_ABOUT THIS TASK_
Where the word "LaTeX" occurs in a line of the listing, please copy the line.
──────────────────────────────
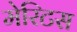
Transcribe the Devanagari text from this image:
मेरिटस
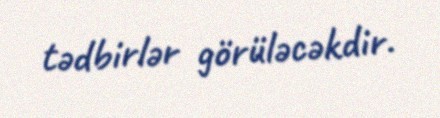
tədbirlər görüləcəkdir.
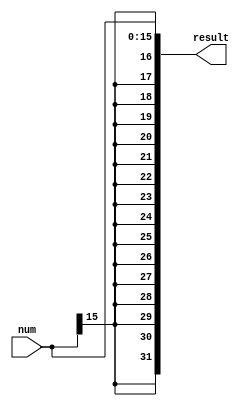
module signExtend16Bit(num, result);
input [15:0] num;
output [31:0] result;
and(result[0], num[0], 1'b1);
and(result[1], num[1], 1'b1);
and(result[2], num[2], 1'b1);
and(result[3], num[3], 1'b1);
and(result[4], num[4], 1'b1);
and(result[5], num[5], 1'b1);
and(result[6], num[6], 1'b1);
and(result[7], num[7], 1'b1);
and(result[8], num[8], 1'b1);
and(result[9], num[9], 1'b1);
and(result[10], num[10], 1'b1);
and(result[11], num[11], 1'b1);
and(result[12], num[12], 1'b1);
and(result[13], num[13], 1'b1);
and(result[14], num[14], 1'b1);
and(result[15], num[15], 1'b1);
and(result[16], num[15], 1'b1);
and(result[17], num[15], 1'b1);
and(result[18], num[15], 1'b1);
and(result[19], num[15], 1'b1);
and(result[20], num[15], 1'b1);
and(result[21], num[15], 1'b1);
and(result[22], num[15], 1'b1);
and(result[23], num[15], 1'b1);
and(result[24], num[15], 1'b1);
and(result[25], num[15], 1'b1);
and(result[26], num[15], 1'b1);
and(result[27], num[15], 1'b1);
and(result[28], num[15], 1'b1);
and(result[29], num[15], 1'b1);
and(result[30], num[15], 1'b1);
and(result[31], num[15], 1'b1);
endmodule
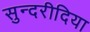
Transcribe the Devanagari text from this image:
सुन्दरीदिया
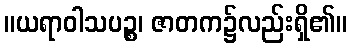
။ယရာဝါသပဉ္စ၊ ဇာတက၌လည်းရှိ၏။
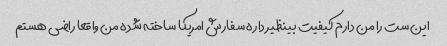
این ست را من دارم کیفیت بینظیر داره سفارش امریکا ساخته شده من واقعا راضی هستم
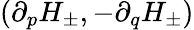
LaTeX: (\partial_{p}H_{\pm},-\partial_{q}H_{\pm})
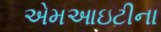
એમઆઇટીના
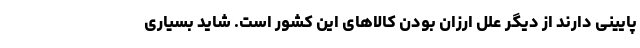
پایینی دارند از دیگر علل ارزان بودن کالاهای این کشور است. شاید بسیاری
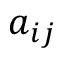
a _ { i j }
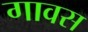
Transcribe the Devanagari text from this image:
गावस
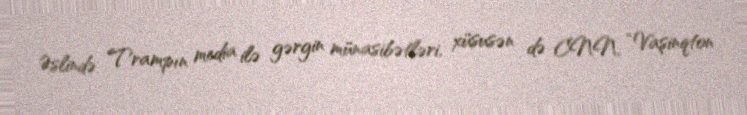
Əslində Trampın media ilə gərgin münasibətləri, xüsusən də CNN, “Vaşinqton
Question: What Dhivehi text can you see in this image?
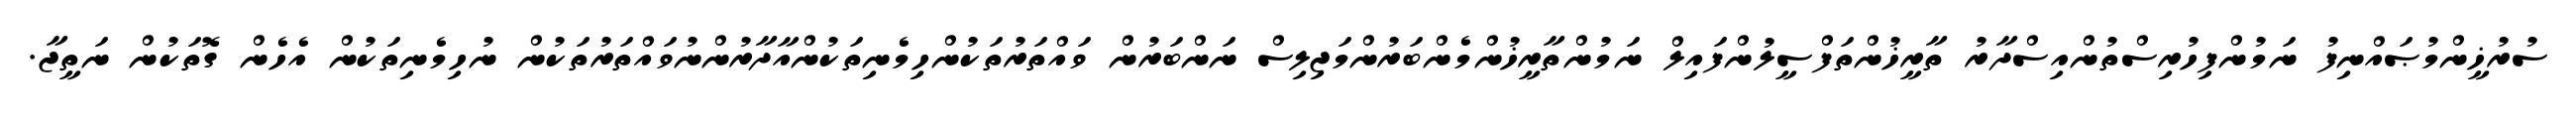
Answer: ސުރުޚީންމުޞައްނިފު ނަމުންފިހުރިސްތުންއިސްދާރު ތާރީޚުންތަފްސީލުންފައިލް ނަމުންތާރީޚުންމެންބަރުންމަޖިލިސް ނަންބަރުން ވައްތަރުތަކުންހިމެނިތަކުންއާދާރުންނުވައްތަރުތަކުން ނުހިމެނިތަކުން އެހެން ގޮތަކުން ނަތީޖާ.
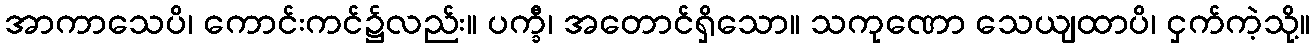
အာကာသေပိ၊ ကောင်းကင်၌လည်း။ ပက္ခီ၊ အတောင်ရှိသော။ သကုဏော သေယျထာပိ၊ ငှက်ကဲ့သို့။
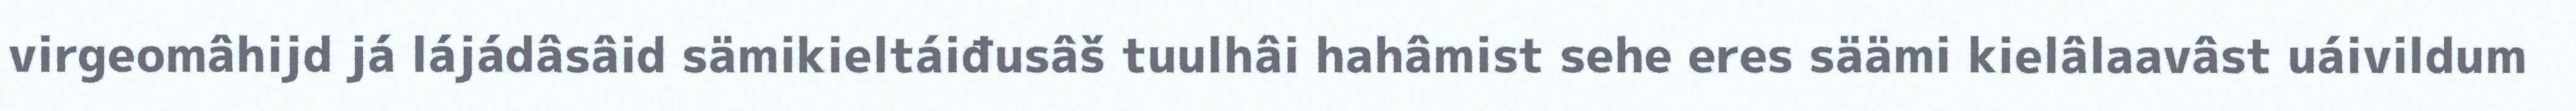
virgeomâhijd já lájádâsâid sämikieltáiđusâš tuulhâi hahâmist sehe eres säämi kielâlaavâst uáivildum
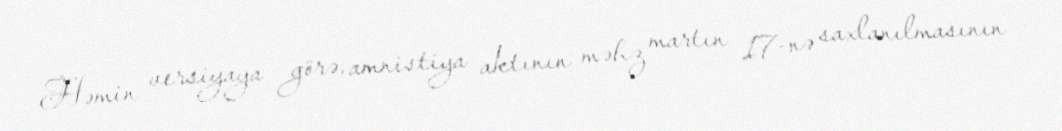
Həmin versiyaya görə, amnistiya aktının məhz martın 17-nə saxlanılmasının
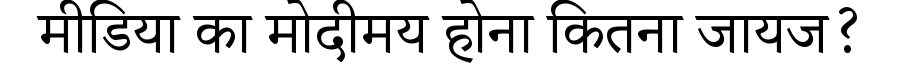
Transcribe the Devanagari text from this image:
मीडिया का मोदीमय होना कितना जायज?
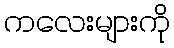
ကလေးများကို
──────────────────────────────
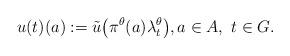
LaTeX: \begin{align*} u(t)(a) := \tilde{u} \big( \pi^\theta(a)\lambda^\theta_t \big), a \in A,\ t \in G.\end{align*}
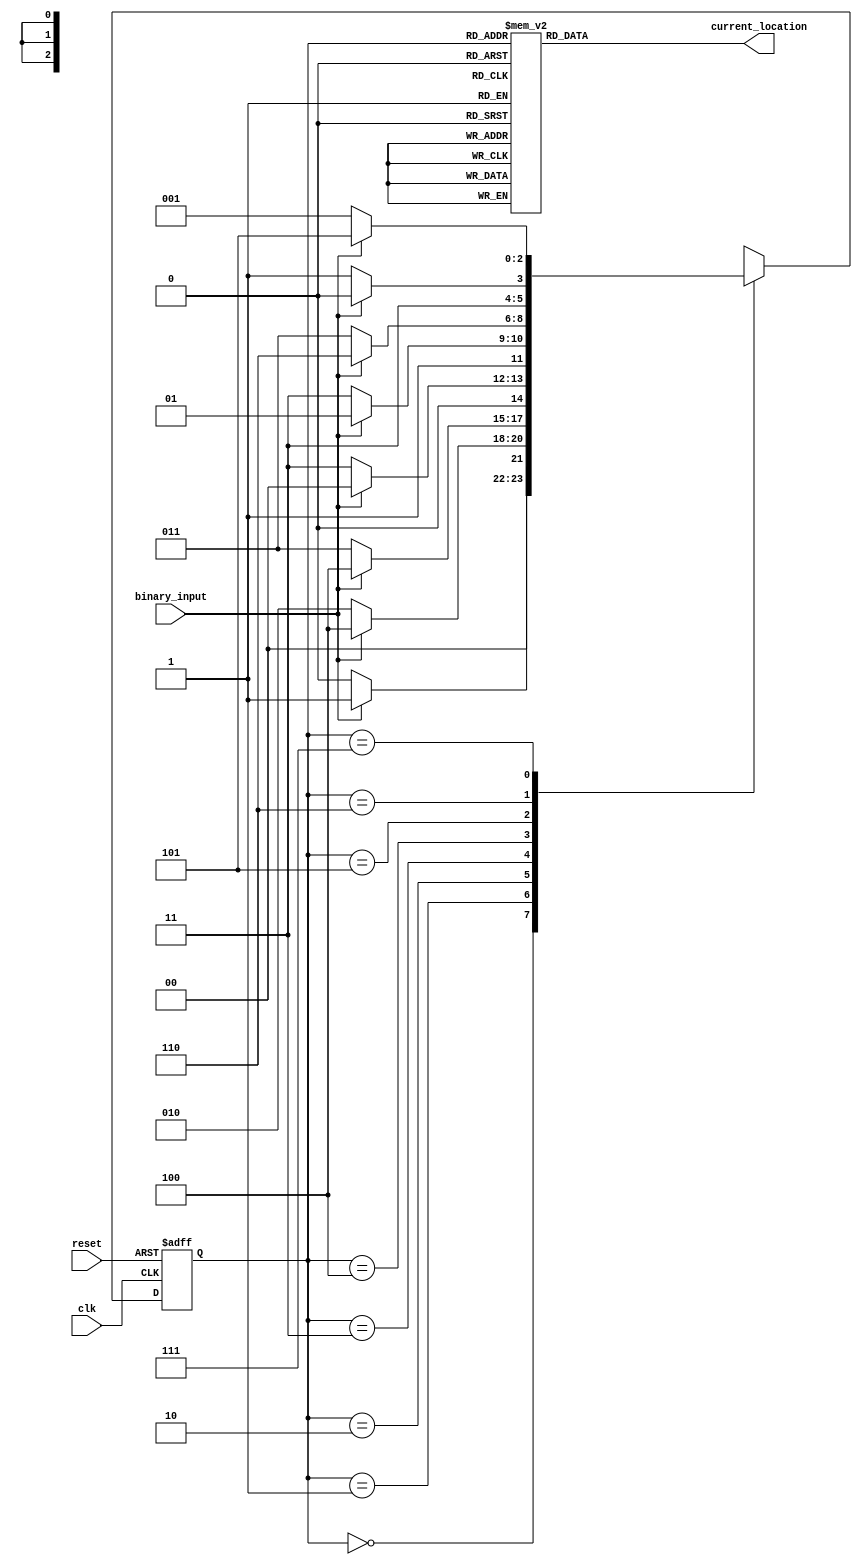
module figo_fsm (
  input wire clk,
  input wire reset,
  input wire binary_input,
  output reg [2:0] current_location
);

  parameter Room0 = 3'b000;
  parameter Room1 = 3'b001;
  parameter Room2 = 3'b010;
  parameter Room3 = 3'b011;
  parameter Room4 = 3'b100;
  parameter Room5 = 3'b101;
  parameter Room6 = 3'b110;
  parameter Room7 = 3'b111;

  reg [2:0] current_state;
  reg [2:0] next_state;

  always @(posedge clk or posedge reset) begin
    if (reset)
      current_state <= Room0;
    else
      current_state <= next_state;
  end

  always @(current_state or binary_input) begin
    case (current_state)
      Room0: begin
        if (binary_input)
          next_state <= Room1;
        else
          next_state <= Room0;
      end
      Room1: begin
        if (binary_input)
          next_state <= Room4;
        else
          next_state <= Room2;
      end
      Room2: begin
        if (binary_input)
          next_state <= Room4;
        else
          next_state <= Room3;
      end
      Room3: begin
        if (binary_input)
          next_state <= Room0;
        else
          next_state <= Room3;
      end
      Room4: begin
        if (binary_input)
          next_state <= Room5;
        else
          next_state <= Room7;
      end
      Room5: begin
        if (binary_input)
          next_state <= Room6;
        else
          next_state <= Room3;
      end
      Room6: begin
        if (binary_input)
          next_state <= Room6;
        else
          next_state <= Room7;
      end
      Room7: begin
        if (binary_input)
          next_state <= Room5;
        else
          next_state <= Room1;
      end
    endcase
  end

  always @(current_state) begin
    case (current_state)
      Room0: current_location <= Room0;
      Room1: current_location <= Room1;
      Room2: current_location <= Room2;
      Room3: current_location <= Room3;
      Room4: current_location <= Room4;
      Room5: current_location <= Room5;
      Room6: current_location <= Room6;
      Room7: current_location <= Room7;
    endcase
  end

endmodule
──────────────────────────────
_YOUR SOLUTION_
LaTeX: (\partial_{p}H_{\pm},-\partial_{q}H_{\pm})
LaTeX: \begin{align*} u(t)(a) := \tilde{u} \big( \pi^\theta(a)\lambda^\theta_t \big), a \in A,\ t \in G.\end{align*}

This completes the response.